Ma la derisione, su una base così sciocca, la trovo terrorizzante.

Continuava a tornarmi alla mente l’immagine di una folla di studenti dal sorriso beffardo, le pacche sulle spalle tra compagni, lo sguardo fisso di chi la sa lunga sulla vita, e ha la sicurezza che nessuna incertezza potrà mai far crollare le pareti della casa sicura in cui ci si è rifugiati.

Ho pensato a quanto sia destabilizzante e decisiva l’adolescenza, e improvvisamente mi è venuto in mente il tuo libro, “Generations of Love”.

Quando l’ho letto, nonostante la chiave ironica con cui affronti la ricerca di un’identità personale, mi ha colpito come descrivessi la vita di un omosessuale in una continua oscillazione su un confine di colpa che separa “la libertà individuale e il rispetto degli altri”.

Mi sono chiesta, e lo chiedo anche a te, fin dove arriva il diritto a vivere come si vuole, e dove comincia il rispetto per gli altri?

Chi ne stabilisce i limiti, e fino a che punto le parole che ci bombardano, possono contribuire nell’espressione della nostra identità?

Quasi affermare “Si, questo sono Io”, dovesse  necessariamente infliggere sofferenza, e la felicità divenisse un’arma a doppio taglio.

Io vengo da un piccolo paese del Sud, se sei gay, qui, ti sputano nel finestrino della macchina o ti chiamano “finocchio”. Nei migliore dei casi si finge “tolleranza”,  parola oscura, un’altra.

Ecco, voglio essere sincera, io, in quel confine che descrivi, davvero ci trovo molte somiglianze con ciò che provo quando mi trovo davanti a certe situazioni.

Perché anche una donna si muove spesso lungo il confine della colpa.

È la colpa che si nasconde dietro le parole, la colpa che ti segue come un terribile mostro ogni volta che tenti di cercare un senso fuori dagli schemi.

Uscire dalle aspettative, sconvolgere le carte in tavola, è un’arma pericolosissima che se non sai maneggiare può scoppiarti in mano.

Non si può lasciare che sia Wanna Marchi a dirci quanto essere magri, o un politico a dirci chi amare.

La letteratura può aiutare la rivoluzione delle idee, e io ci credo tantissimo, perché non ha senso fare fiaccolate, se non c’è dietro una riflessione.
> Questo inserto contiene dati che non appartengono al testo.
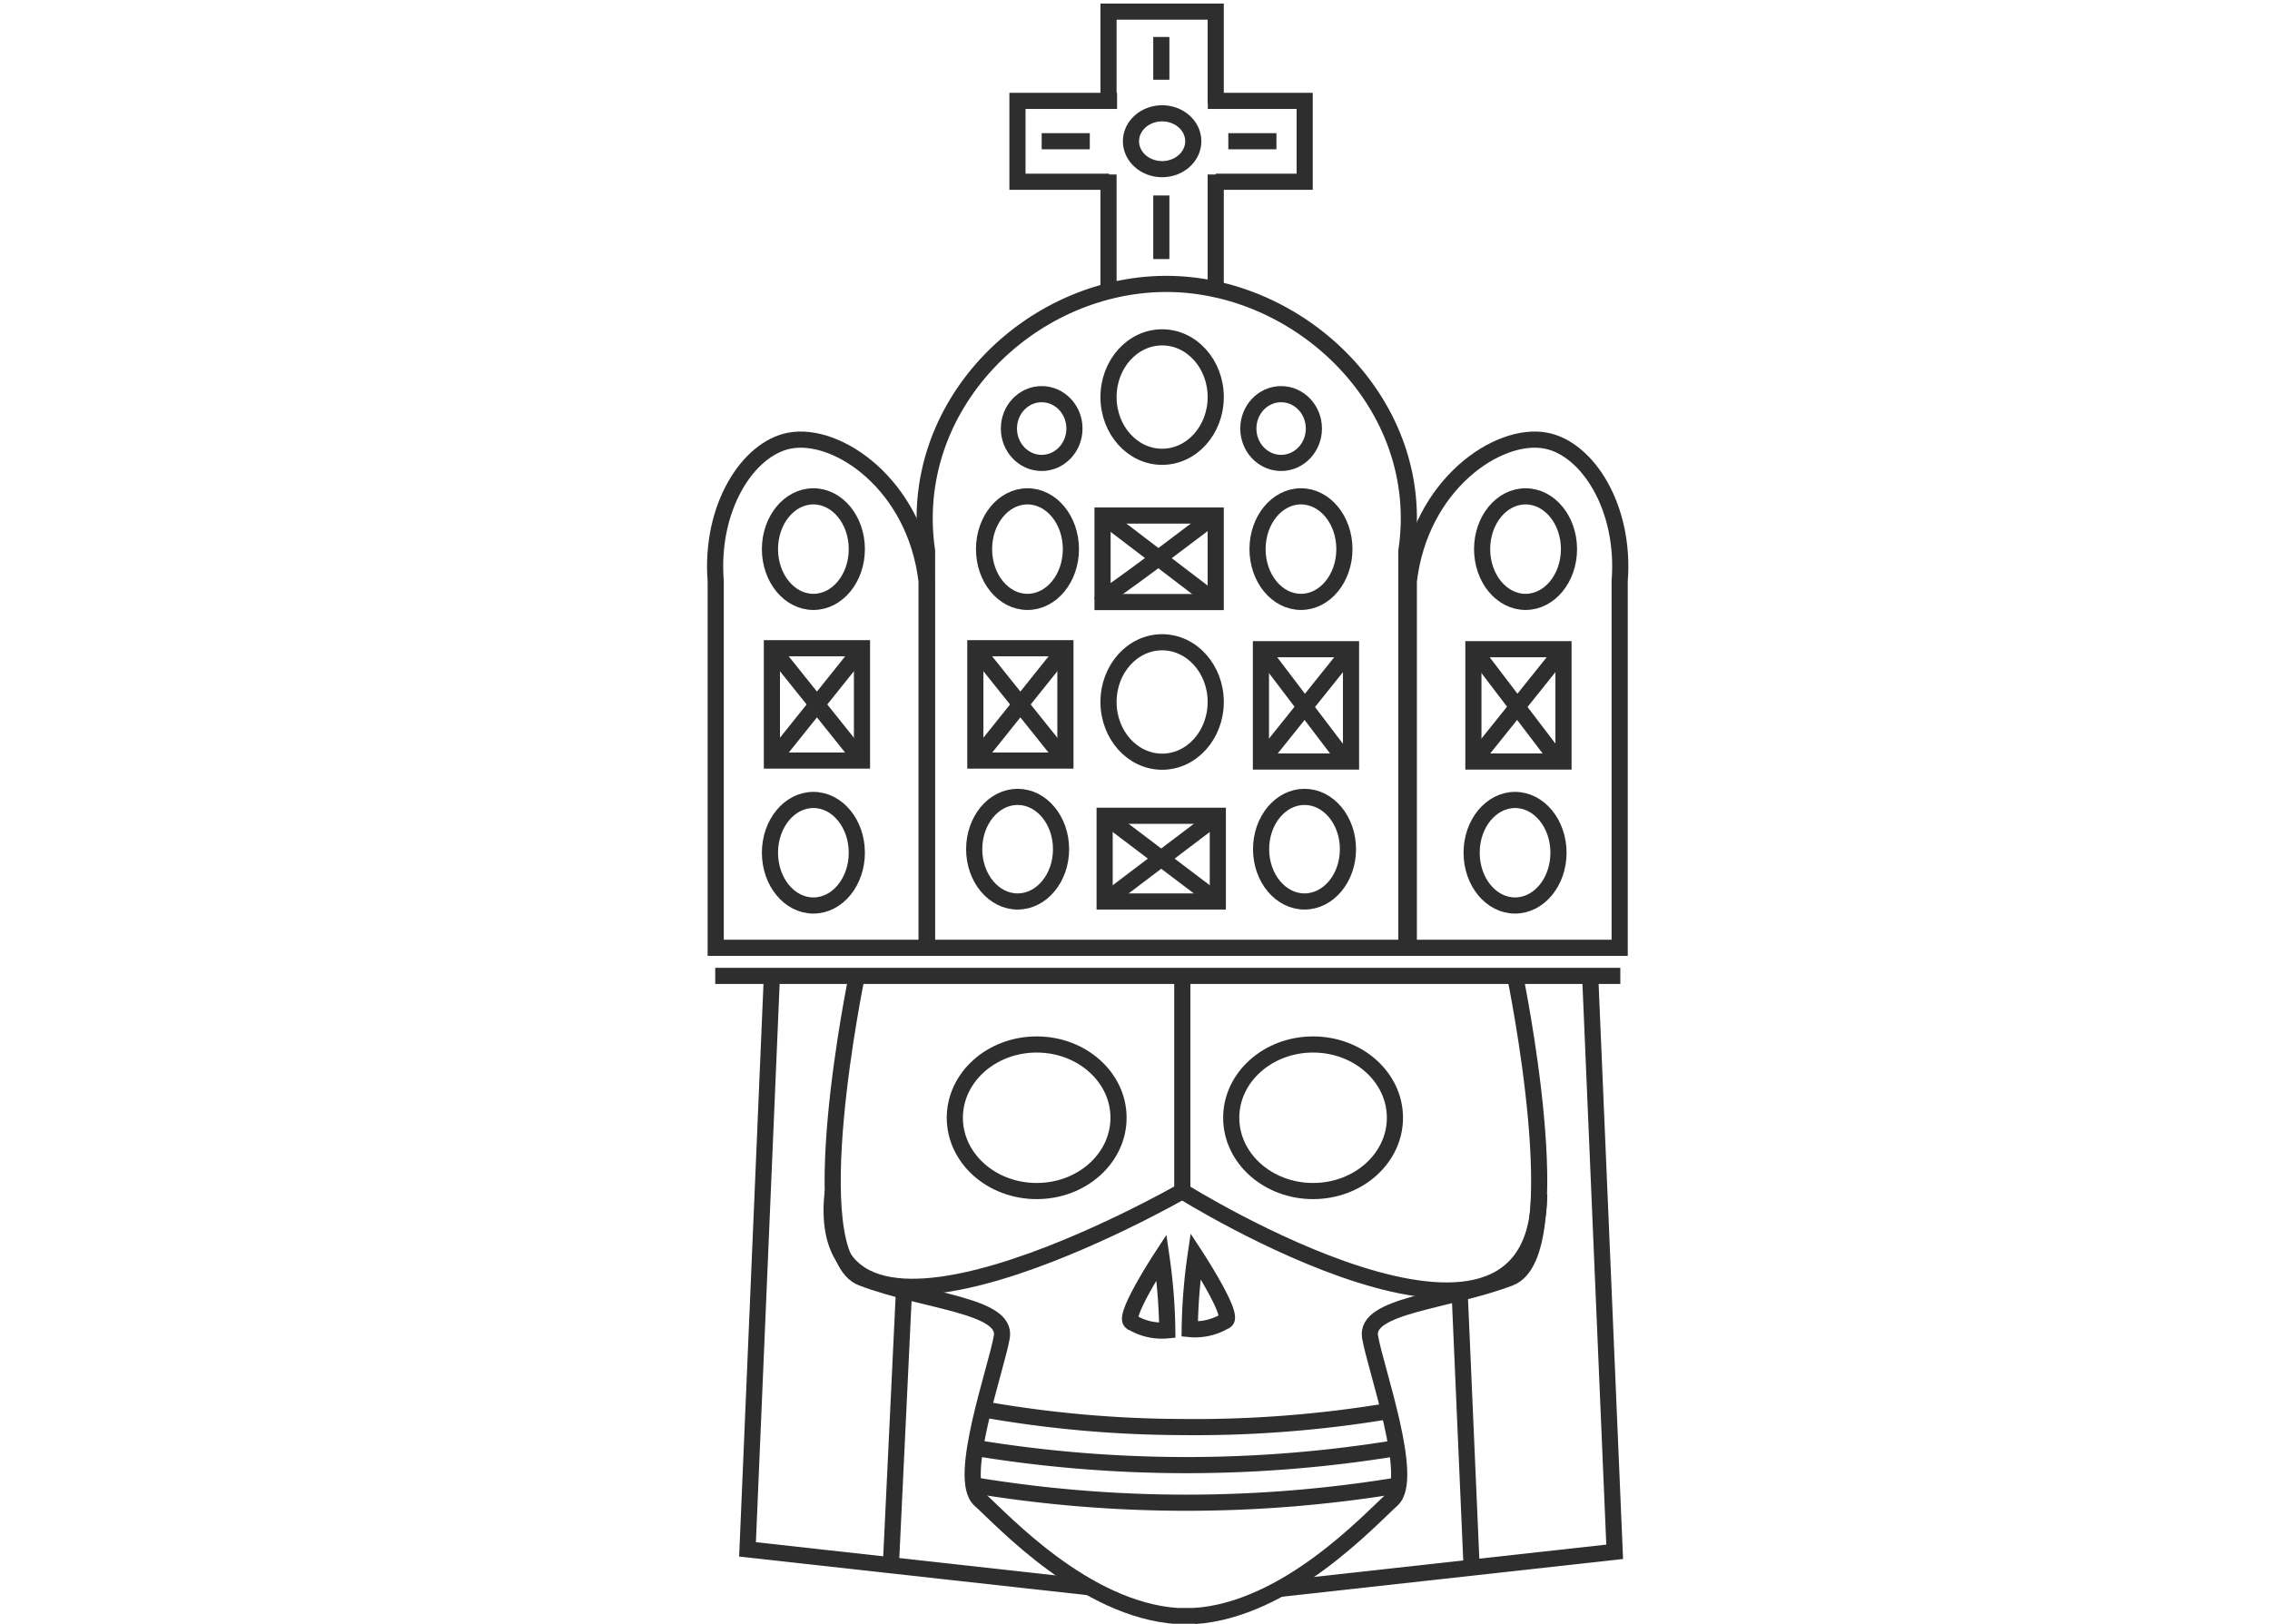 <svg xmlns="http://www.w3.org/2000/svg" viewBox="0 0 140.6 100.6"><defs><style>.cls-1,.cls-2{fill:none;}.cls-1{stroke:#2e2e2e;stroke-miterlimit:10;}</style></defs><title>Kapuzinagruft</title><g id="Ebene_1" data-name="Ebene 1"><line class="cls-1" x1="44.3" y1="60.46" x2="100.36" y2="60.46"/><path class="cls-1" d="M44.33,58.72H57.39V36c-.71-6-5.54-9.27-8.49-8.7-2.57.49-4.93,4.14-4.57,8.7Z"/><path class="cls-1" d="M100.32,58.72H87.26V36c.71-6,5.54-9.27,8.49-8.7,2.57.49,4.93,4.14,4.57,8.7Z"/><path class="cls-1" d="M87.11,34.13c1.36-9.06-6.6-16.62-15-16.54s-16,7.6-14.69,16.54V58.72H87.11Z"/><line class="cls-1" x1="68.66" y1="17.82" x2="68.66" y2="10.81"/><line class="cls-1" x1="75.3" y1="10.81" x2="75.3" y2="17.82"/><polyline class="cls-1" points="68.66 6.25 68.66 0.72 75.3 0.72 75.3 6.4"/><polyline class="cls-1" points="68.7 11.26 63.02 11.26 63.02 6.25 69.19 6.25"/><polyline class="cls-1" points="74.81 6.25 80.81 6.25 80.81 11.26 75.3 11.26"/><rect class="cls-1" x="68.42" y="50.54" width="7.01" height="5.31"/><rect class="cls-1" x="68.29" y="31.94" width="7.01" height="5.36"/><rect class="cls-1" x="60.41" y="40.16" width="5.58" height="6.96"/><rect class="cls-1" x="78.1" y="40.22" width="5.58" height="6.96"/><ellipse class="cls-1" cx="71.98" cy="43.49" rx="3.32" ry="3.7"/><ellipse class="cls-1" cx="71.98" cy="24.6" rx="3.32" ry="3.7"/><ellipse class="cls-1" cx="63.64" cy="34.02" rx="2.69" ry="3.27"/><ellipse class="cls-1" cx="80.58" cy="34.02" rx="2.69" ry="3.27"/><ellipse class="cls-1" cx="80.8" cy="52.61" rx="2.69" ry="3.24"/><ellipse class="cls-1" cx="63.03" cy="52.61" rx="2.69" ry="3.24"/><ellipse class="cls-1" cx="64.52" cy="26.55" rx="2.03" ry="2.13"/><ellipse class="cls-1" cx="79.35" cy="26.55" rx="2.03" ry="2.13"/><line class="cls-1" x1="68.42" y1="55.85" x2="75.43" y2="50.54"/><line class="cls-1" x1="68.42" y1="50.54" x2="75.43" y2="55.85"/><path class="cls-1" d="M68.29,37c0,.26,7-5.1,7-5.1"/><line class="cls-1" x1="68.29" y1="31.94" x2="75.3" y2="37.29"/><line class="cls-1" x1="78.1" y1="40.22" x2="83.35" y2="47.13"/><line class="cls-1" x1="83.68" y1="40.22" x2="78.1" y2="47.18"/><line class="cls-1" x1="60.41" y1="47.13" x2="65.99" y2="40.16"/><line class="cls-1" x1="60.41" y1="40.16" x2="65.99" y2="47.13"/><rect class="cls-1" x="47.81" y="40.16" width="5.58" height="6.96"/><ellipse class="cls-1" cx="50.38" cy="34.02" rx="2.69" ry="3.27"/><ellipse class="cls-1" cx="50.38" cy="52.83" rx="2.69" ry="3.27"/><line class="cls-1" x1="47.81" y1="47.13" x2="53.39" y2="40.16"/><line class="cls-1" x1="47.81" y1="40.16" x2="53.39" y2="47.13"/><ellipse class="cls-1" cx="71.98" cy="8.75" rx="1.93" ry="1.73"/><rect class="cls-1" x="91.26" y="40.22" width="5.58" height="6.96"/><ellipse class="cls-1" cx="94.49" cy="34.02" rx="2.69" ry="3.27"/><ellipse class="cls-1" cx="93.84" cy="52.83" rx="2.69" ry="3.27"/><line class="cls-1" x1="91.26" y1="40.22" x2="96.52" y2="47.13"/><line class="cls-1" x1="96.84" y1="40.22" x2="91.26" y2="47.18"/><ellipse class="cls-1" cx="64.21" cy="69.25" rx="5.07" ry="4.54"/><ellipse class="cls-1" cx="81.33" cy="69.25" rx="5.07" ry="4.54"/><path class="cls-1" d="M53.07,60.46s-3.57,17.23.32,18.71,9,1.68,8.66,3.66-2.79,8.79-1.36,10.08,6.5,6.82,12.23,7.21h1.23"/><path class="cls-1" d="M93.84,60.46s3.57,17.23-.32,18.71-9,1.68-8.66,3.66,2.79,8.79,1.36,10.08-6.5,6.82-12.23,7.21"/><polyline class="cls-1" points="47.81 60.46 46.3 95.99 67.5 98.34"/><polyline class="cls-1" points="98.5 60.61 100.01 96.14 79.23 98.44"/><line class="cls-1" x1="55.99" y1="79.98" x2="55.18" y2="96.97"/><line class="cls-1" x1="90.41" y1="80.11" x2="91.15" y2="97.12"/><path class="cls-1" d="M71.94,77.89s-2.37,3.62-1.88,4a3.59,3.59,0,0,0,2.24.53A34.58,34.58,0,0,0,71.94,77.89Z"/><path class="cls-1" d="M74.05,77.81s2.37,3.62,1.88,4a3.59,3.59,0,0,1-2.24.53A34.58,34.58,0,0,1,74.05,77.81Z"/><path class="cls-1" d="M60.89,87.31a71.54,71.54,0,0,0,12.19,1.1,72.94,72.94,0,0,0,13-1"/><path class="cls-1" d="M60.21,89.67a80.69,80.69,0,0,0,26.55,0"/><path class="cls-1" d="M60.21,92a80.69,80.69,0,0,0,26.55,0"/><path class="cls-1" d="M73.23,60.46V73.8s-23.16,13.33-21.65,0"/><path class="cls-1" d="M73.23,73.8s21.88,13.71,22.11.2"/><line class="cls-1" x1="64.52" y1="8.75" x2="67.5" y2="8.75"/><line class="cls-1" x1="76.08" y1="8.75" x2="79.06" y2="8.75"/><line class="cls-1" x1="71.93" y1="2.29" x2="71.93" y2="4.94"/><line class="cls-1" x1="71.93" y1="12.11" x2="71.93" y2="16.05"/><rect class="cls-2" x="0.3" y="0.3" width="140" height="100"/></g></svg>

Una riflessione che non si fermi all’ondata di emozione del momento.

Se lo scopo è guadagnare il diritto alla propria identità,verrebbe da domandarsi, perché allora le lotte femministe di Se non Ora Quando e quelle dell’Arcigay non si uniscono?

Se il tuo libro è stato d’aiuto per qualcuno, perché non partire da qui e proporre un dibattito più vivo?